The diversity on our planet, however, is vast, an estimated 1 trillion unique species, each with the capacity to produce new antibiotics and other molecules. However, we have only scratched the surface of this diversity. As biologists, we routinely work with only 10 species, and the vast majority of the others (99.999999%) we cannot grow. If we can unlock this diversity, can we unlock a new golden era of identifying natural products?
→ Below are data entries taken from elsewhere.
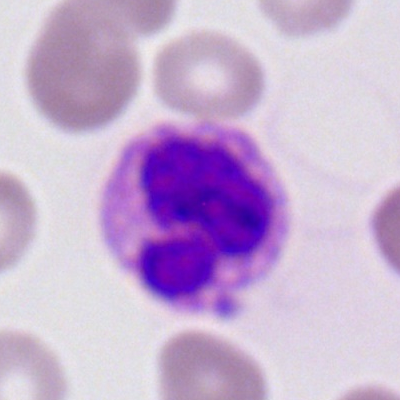 Cell type — basophilic granulocyte.
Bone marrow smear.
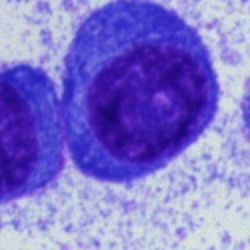
Morphological class — plasmacyte.
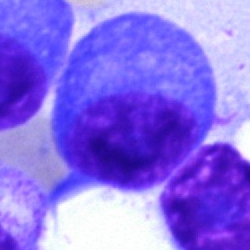 Bone marrow aspirate smear, single cell — plasmacyte.
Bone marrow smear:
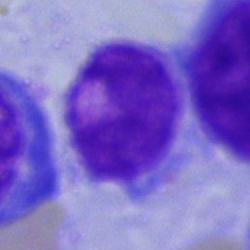

Single cell identified as an artefact.
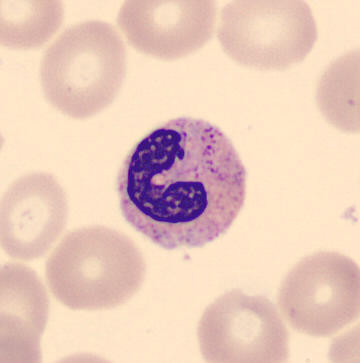
360×363. Peripheral blood film. May-Grünwald-Giemsa-stained.

Impression → neutrophil (band).
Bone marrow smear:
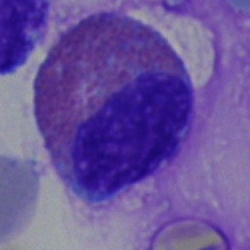

Q: What is the morphological classification of this cell?
A: An eosinophilic granulocyte.
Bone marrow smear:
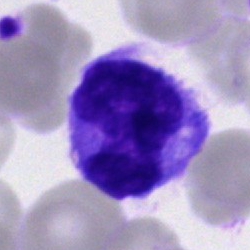Classification: monocyte.
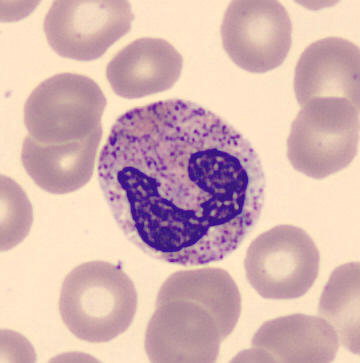
Specimen: peripheral blood smear.
Cell: polymorphonuclear neutrophil.
Lineage: myeloid.
Automated cell imaging (CellaVision DM96); single-cell crop.
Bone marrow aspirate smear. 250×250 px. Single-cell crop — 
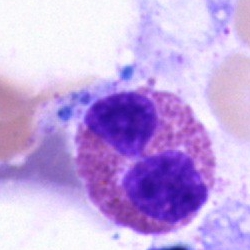
Eosinophil.
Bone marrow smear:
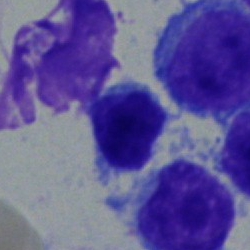 Specimen: bone marrow aspirate smear.
Classification: typical lymphocyte.
Lineage: lymphoid.
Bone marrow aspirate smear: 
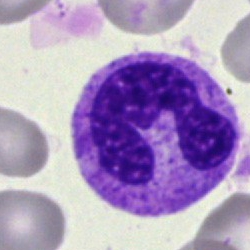 {"cell_type": "neutrophil (segmented)", "lineage": "myeloid"}
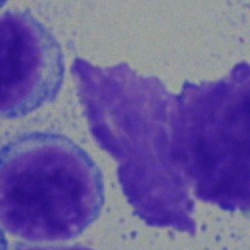

A lymphocyte.
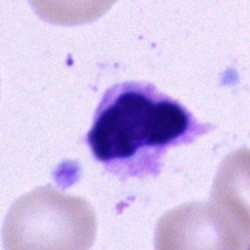{"cell_type": "segmented neutrophil"}
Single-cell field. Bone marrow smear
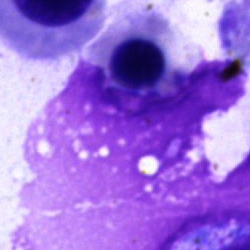 Morphology → artefact.
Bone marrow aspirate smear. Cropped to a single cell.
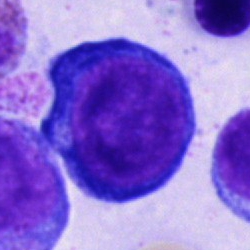 Cell — proerythroblast.
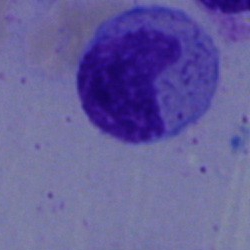 A metamyelocyte.
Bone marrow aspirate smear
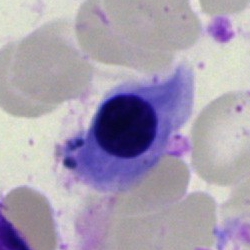 Q: What cell is this?
A: Erythroblast.
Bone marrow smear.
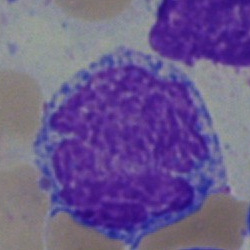

This is a blast.
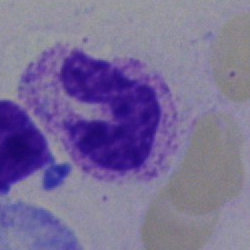

Single-cell crop from a bone marrow smear: neutrophil (band).
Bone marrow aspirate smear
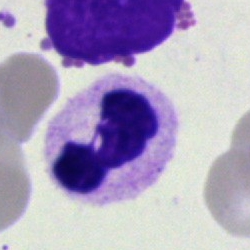

Morphology consistent with a neutrophil (segmented).
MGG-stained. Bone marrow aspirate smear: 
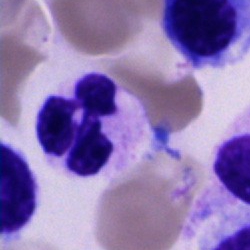

Q: What is the morphological classification of this cell?
A: A polymorphonuclear neutrophil.
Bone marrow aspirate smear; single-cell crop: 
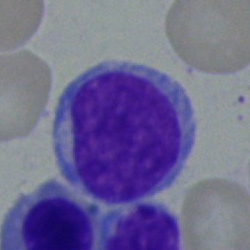
Showing a lymphocyte.
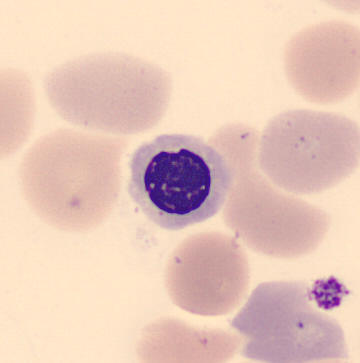 Acquisition: Peripheral blood smear.

Showing a nucleated red blood cell.
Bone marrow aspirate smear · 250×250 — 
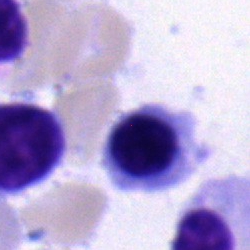

Q: What cell is this?
A: This is a normoblast.
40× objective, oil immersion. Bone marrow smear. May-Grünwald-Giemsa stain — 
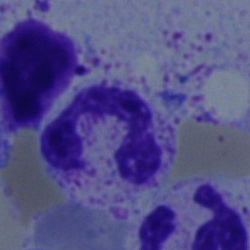 Segmented neutrophil.
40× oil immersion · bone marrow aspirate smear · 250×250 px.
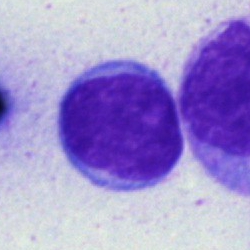 Showing a blast cell.
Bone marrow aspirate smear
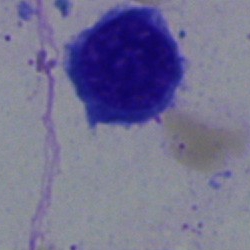

Specimen: bone marrow aspirate smear.
Classification: nucleated red cell.
Lineage: erythroid.
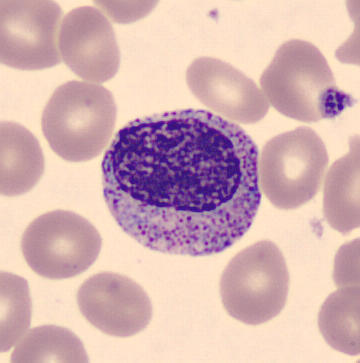 Morphological class — myelocyte.
Acquisition: Peripheral blood smear · single cell centered in the field.
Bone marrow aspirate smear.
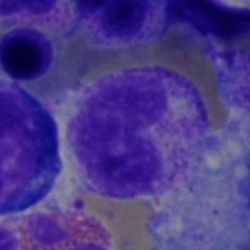 Morphological class = stab cell.
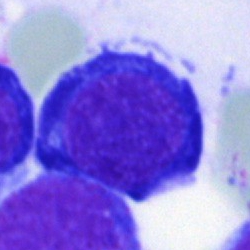
Cell type = nucleated red blood cell.
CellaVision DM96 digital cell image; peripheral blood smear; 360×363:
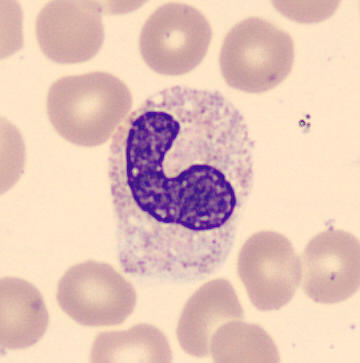Morphological class — band-form neutrophil.

To me, it is exciting that the instructions for making all of the new molecules already exist. They are just encoded in a “treasure-map” that needs to be followed — DNA. Microbes use their own DNA to determine what molecules to make in order to survive in their environments. Given advances in next-generation sequencing, we now know much of this DNA, and almost all of it, including that found on New York City subways, remains uncharacterized. Here is where I think cell-free biology shines, as a tool to rapidly search this DNA for molecules. Utilizing the hyper-throughput property of cell-free biology, at Tierra we’re looking to build a search engine of sorts, that can screen through this DNA and effectively functionalize it to make molecules that nature has evolved but that we have not yet found. We envision a new golden era of natural products, that will bring new antibiotics, therapeutics, and other molecules to market.

With so many avenues of cell-free biology being developed and more future applications yet unknown, it is an exciting time to work in this field. I believe in cell-free biology because it is fundamental to our future. As the field grows, I have been thrilled to see growing numbers of cell-free enthusiasts at conferences and workshops sharing their research. We are starting to see dedicated funding from federal agencies ranging from the Departments of Defense to the Department of Energy to explore its potential. Continued government funding of this area, especially in areas of basic science and health, is critical for cell-free biology to reach its full potential.

Thanks to Zach for the primer, and best of luck to the Tierra team — they’re on a roll recently and it’s exciting to see what’s next.